Should this graph be directed or undirected? Why? (Justify your response.)
Would you expect the graph to be connected or disconnected? Why? (Justify your response.)
Should we use an adjacency list or an adjacency matrix to represent this graph? Why? (Justify your choice.)

2. Why is C B D A E F G not a valid BFS for graph G₁ from today's notes? (Hint: See the highlighted key take-away from the section on BFS.)

3. How many valid DFS and BFS traversals are there for graph G₂ above (the tree used in the BFS and DFS examples) starting at vertex A? (Note: This is just a reinforcement exercises and is not meant to imply that there is an important pattern or formula that I want you to discover for determining the number of BFS or DFS traversals in an arbitrary graph or tree.)

4. Write a function that can read a graph from a text file into an adjacency matrix. An adjacency matrix isn't always the best representation to use for a graph (remember, for a sparse graph, the adjacency matrix has a lot of wasted space), but I'm suggesting that here because it's a fairly straightforward one to work with in code. Set up your function to read in files with the following format:

7
A
B
C
D
E
F
G
0 1 0 0 0 0 1
1 0 1 0 0 0 0
0 1 0 1 0 0 0
0 0 1 0 1 0 0
0 0 0 1 0 1 1
0 0 0 0 1 0 0
1 0 0 0 1 0 0

The file above represents graph G₁ from today's notes. The first line tells us how many nodes there are in the graph, n, which allows us to create an appropriately sized grid to store our adjacency matrix. The next n lines give labels or names to our nodes. Those can be stored in a vector for ease of reference. The final n lines give us an adjacency matrix. The first of those final n lines tells us which nodes have an edge from vertex A (where 0 indicates no edge, and 1 indicates an edge). Within that line, the pattern 0 1 0 0 0 0 1 indicates the following:

edge from A to A? no (0)
edge from A to B? yes (1)
edge from A to C? no (0)
edge from A to D? no (0)
edge from A to E? no (0)
edge from A to F? no (0)
edge from A to G? yes (1)

The line after that tells us which nodes have an edge from vertex B, and so on.

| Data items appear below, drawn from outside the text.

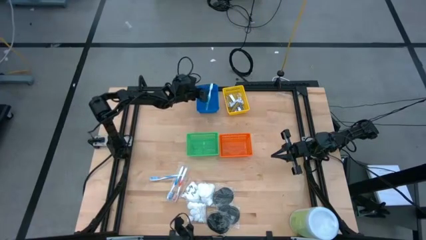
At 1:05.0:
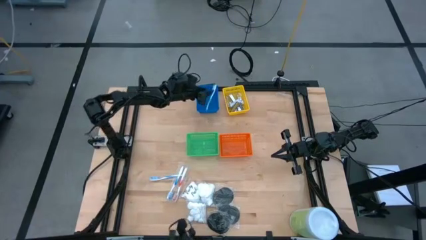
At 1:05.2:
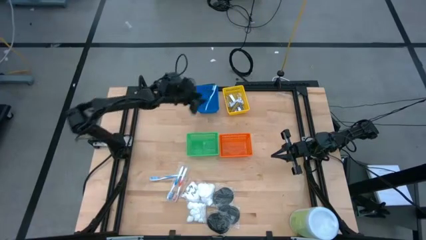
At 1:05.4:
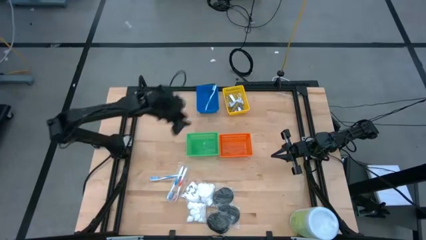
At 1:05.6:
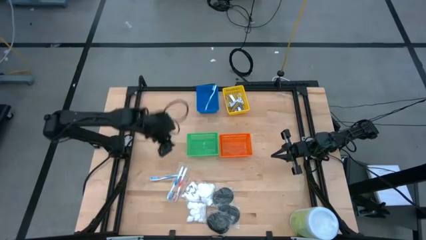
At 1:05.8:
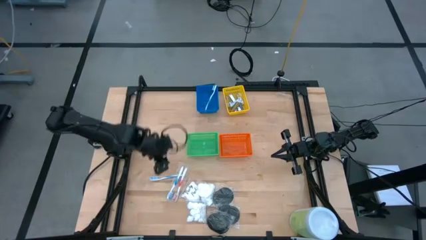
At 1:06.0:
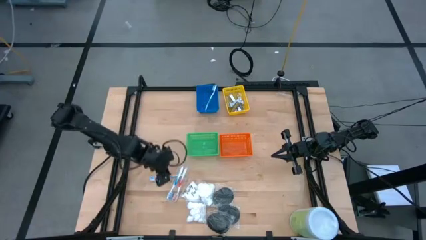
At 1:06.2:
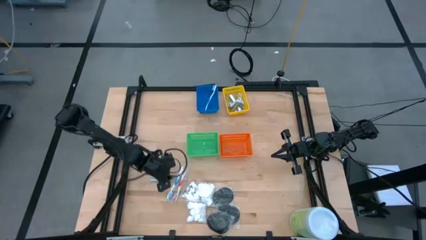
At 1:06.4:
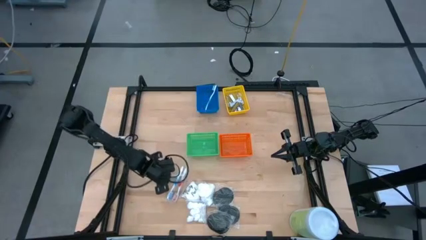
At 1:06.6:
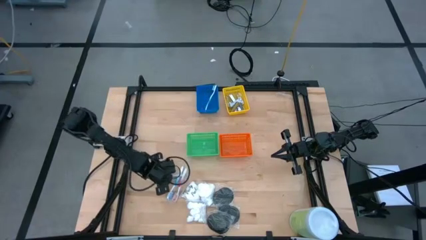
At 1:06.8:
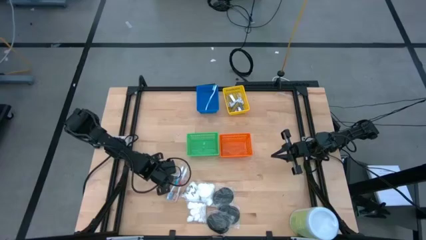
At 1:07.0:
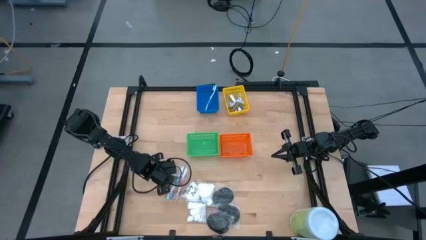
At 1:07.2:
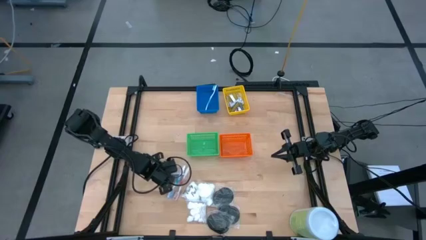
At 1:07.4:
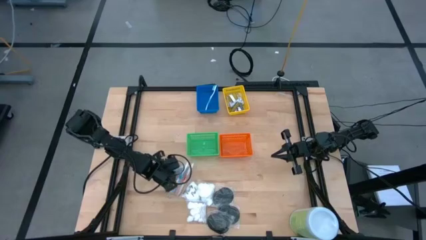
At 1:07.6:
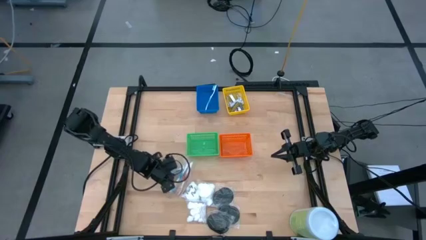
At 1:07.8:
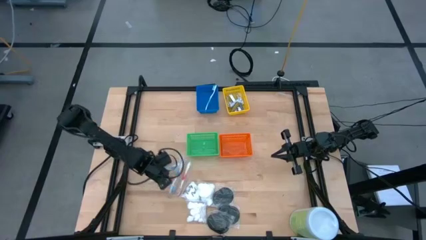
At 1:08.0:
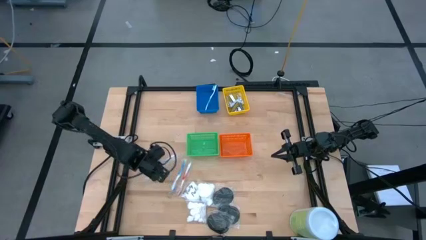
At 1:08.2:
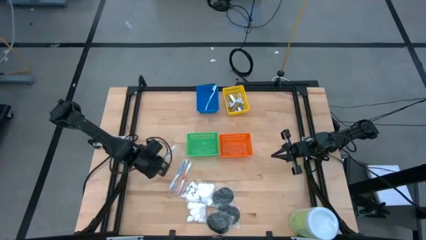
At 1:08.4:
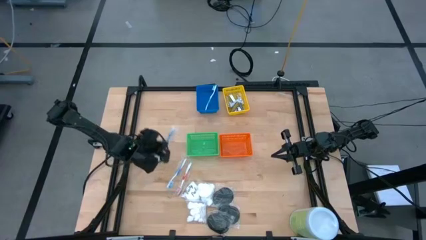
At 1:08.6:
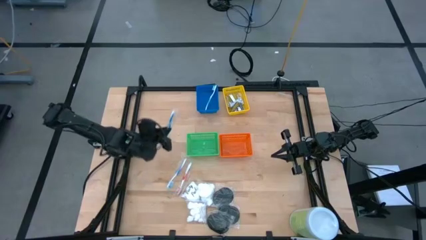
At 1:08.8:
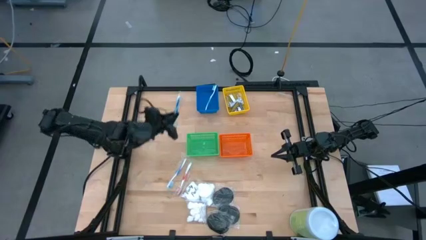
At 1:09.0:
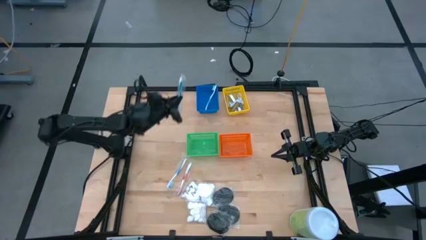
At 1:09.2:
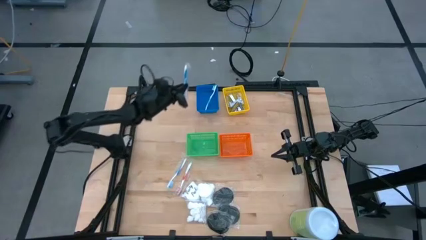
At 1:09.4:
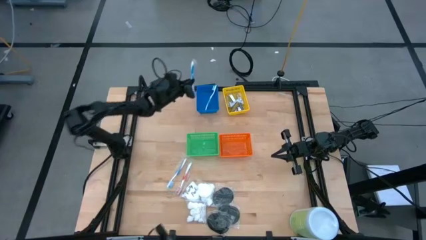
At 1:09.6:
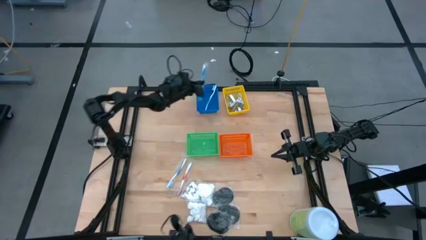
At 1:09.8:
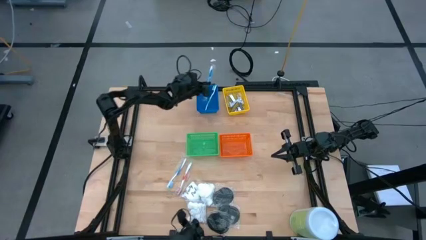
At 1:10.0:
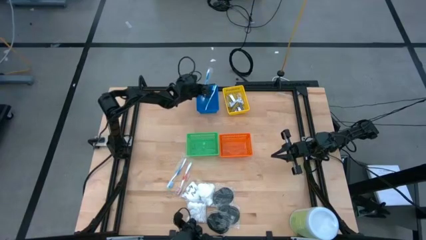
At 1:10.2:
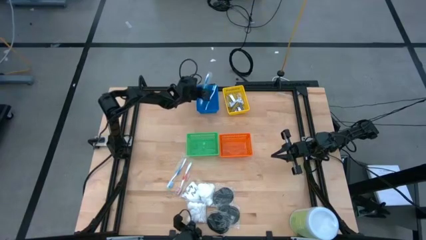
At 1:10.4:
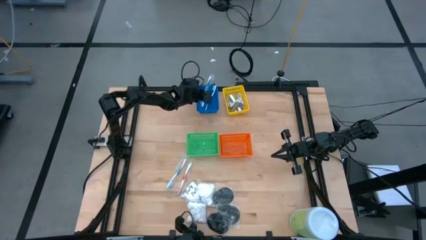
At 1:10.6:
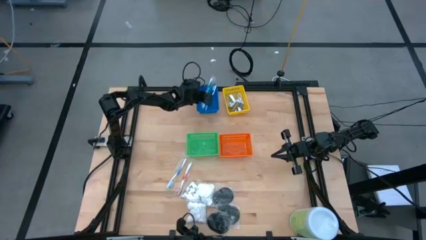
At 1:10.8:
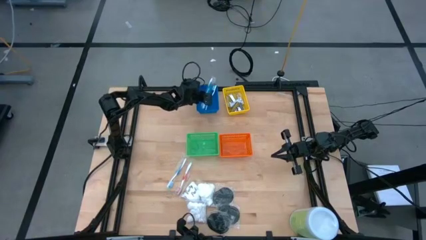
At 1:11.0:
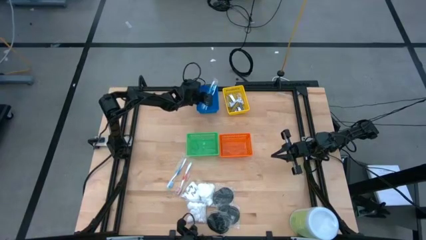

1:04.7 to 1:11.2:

5. Challenge yourself to code up BFS and DFS from scratch, on your own, without peeking back at your code for A2 or implementations posted online. (You should be doing this with most algorithms we cover in lecture. Regularly working through exercises like this -- where you have a compact, elegant algorithm that has somewhat sophisticated behaviors -- is a key way to ramp up your coding skills.) Note that DFS can be coded up iteratively with a stack as well as recursively. Try coding it up both ways. Run your implementations on the graph whose input file is given above (in the previous exercise) to check your results.